Nearest Neighbor Indexes for Similarity Search
Vector similarity search is a game-changer in the world of search. It allows us to efficiently search a huge range of media, from GIFs to articles — with incredible accuracy in sub-second timescales for billion+ size datasets.
One of the key components to efficient search is flexibility. And for that we have a wide range of search indexes available to us — there is no ‘one-size-fits-all’ in similarity search.
However, this great flexibility produces a question — how do we know which size fits our use case?
Which index do we choose? Should we use multiple indexes, or is one enough?
This article will explore the pros and cons of some of the most important indexes — Flat, LSH, HNSW, and IVF. We will learn how we decide which to use and the impact of parameters in each index.

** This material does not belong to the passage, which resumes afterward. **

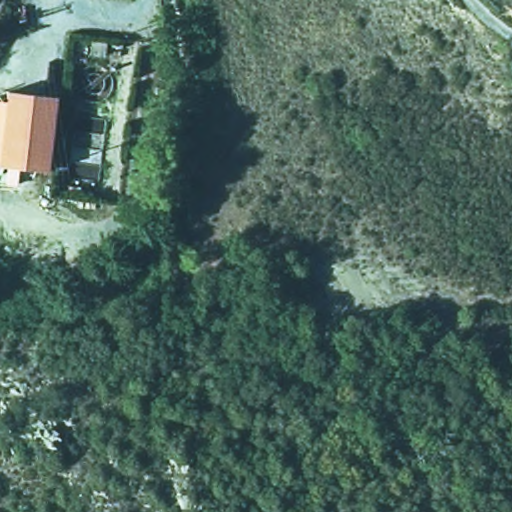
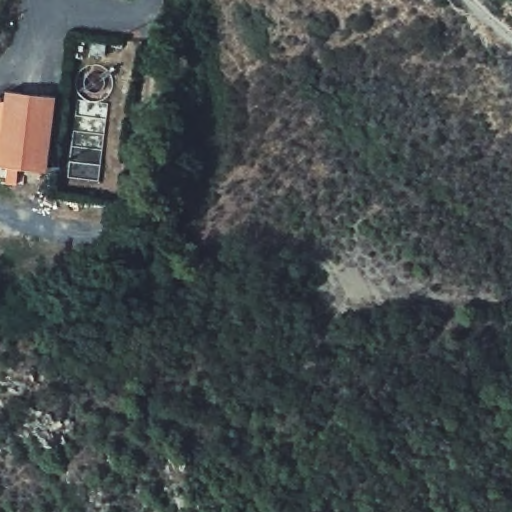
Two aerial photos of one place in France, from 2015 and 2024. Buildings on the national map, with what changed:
unchanged [(49,174),(0,168),(0,104),(7,105),(8,94),(57,100),(54,124),(49,174)]

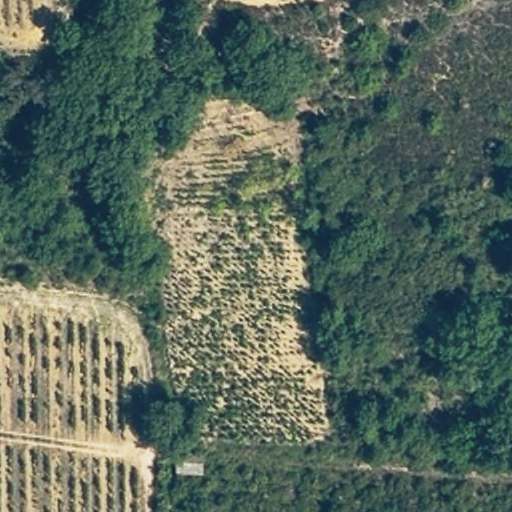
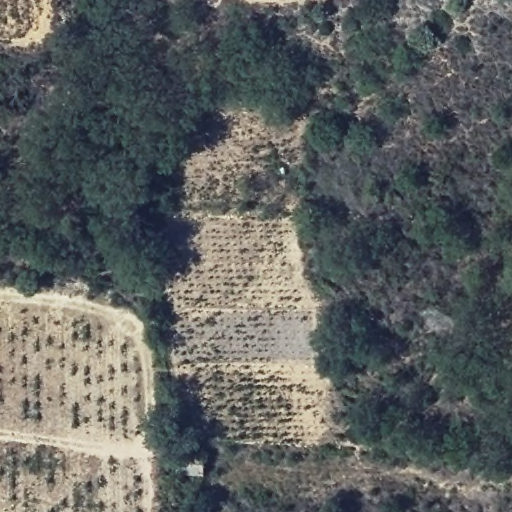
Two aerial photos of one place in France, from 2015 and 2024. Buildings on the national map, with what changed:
unchanged [(207,457),(205,476),(177,473),(180,453),(207,457)]

Note: Pinecone lets you add vector search to your production applications without knowing anything about vector indexes. However, we know you like seeing how things work, so enjoy learning about these popular vector index types!
Check out the video walkthrough:
Indexes in Search
Before jumping into the different indexes available, let’s take a look at why we care about similarity search — and how we can use indexes for efficient similarity search.
Why Similarity Search
Let’s start with the most fundamental question to the relevance of this article — why do we care about similarity search?
Similarity search can be used to compare data quickly. Given a query (which could be in any format — text, audio, video, GIFs — you name it), we can use similarity search to return relevant results.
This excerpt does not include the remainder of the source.